_Task to complete:_
Each entry below must be repeated exactly, with pictures left out.

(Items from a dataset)
○ ○ ○ ○
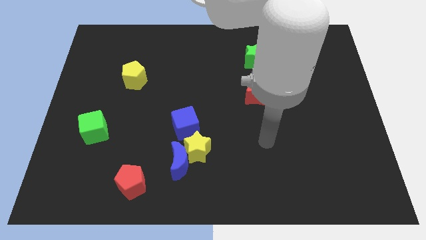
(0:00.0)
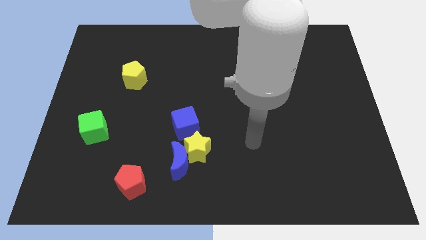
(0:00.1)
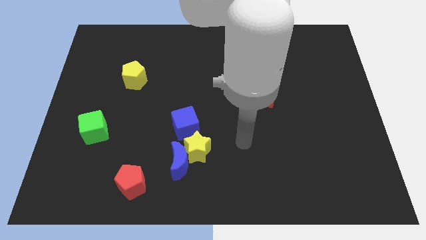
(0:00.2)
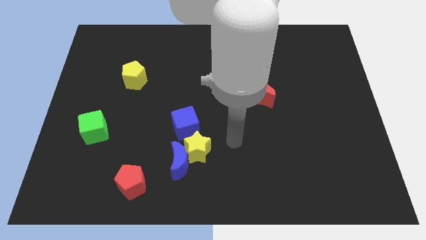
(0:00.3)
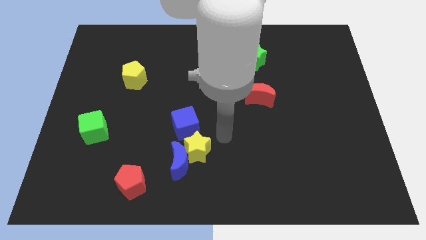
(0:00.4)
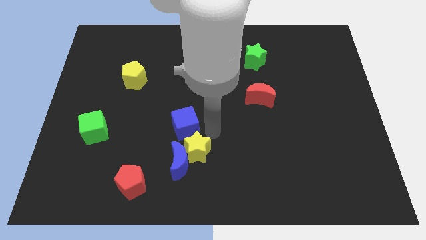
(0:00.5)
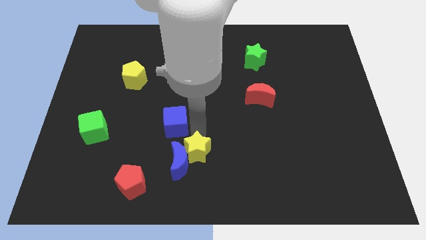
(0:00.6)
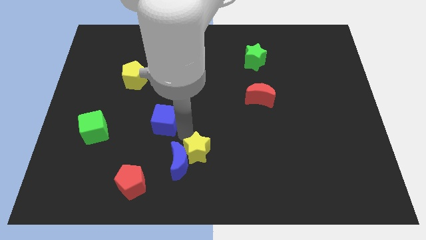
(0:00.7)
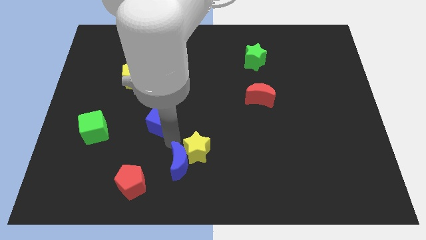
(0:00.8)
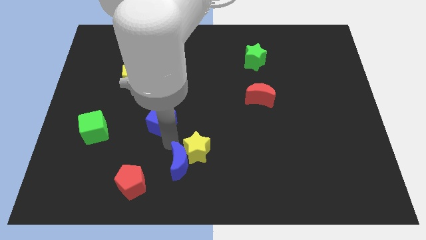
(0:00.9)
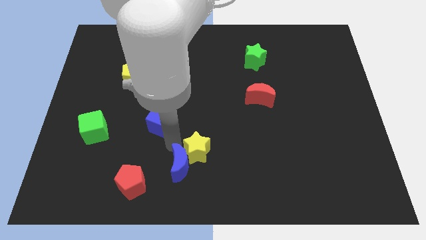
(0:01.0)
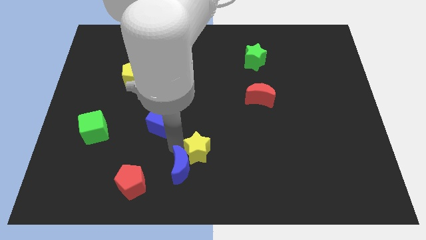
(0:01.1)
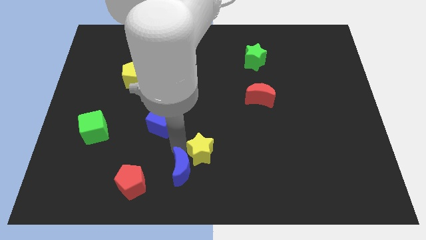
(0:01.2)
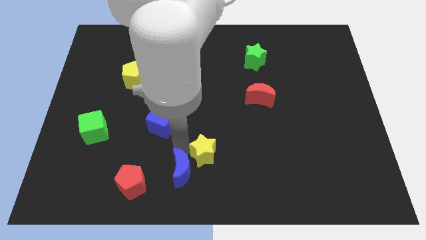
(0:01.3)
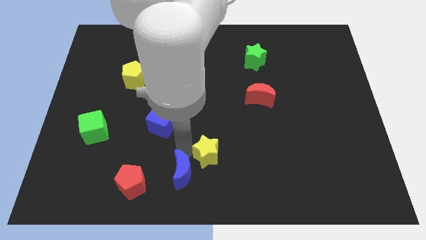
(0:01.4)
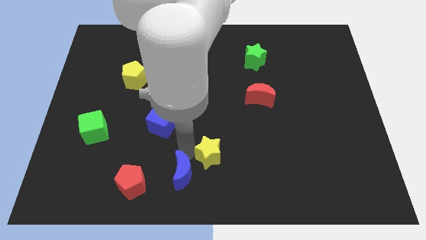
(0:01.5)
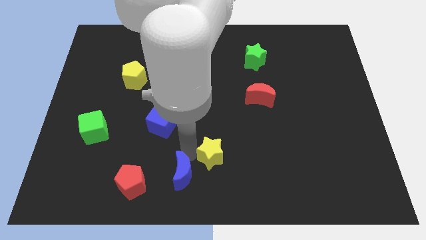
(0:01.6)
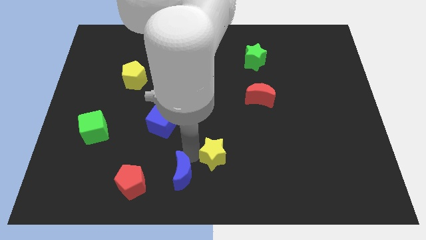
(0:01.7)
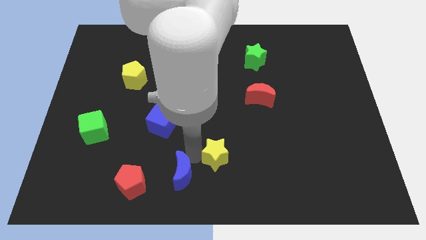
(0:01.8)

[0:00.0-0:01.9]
pull the yellow star apart from the blue moon and blue cube
○ ○ ○ ○
_Solution to this task:_
(0:00.0)
(0:00.1)
(0:00.2)
(0:00.3)
(0:00.4)
(0:00.5)
(0:00.6)
(0:00.7)
(0:00.8)
(0:00.9)
(0:01.0)
(0:01.1)
(0:01.2)
(0:01.3)
(0:01.4)
(0:01.5)
(0:01.6)
(0:01.7)
(0:01.8)

[0:00.0-0:01.9]
pull the yellow star apart from the blue moon and blue cube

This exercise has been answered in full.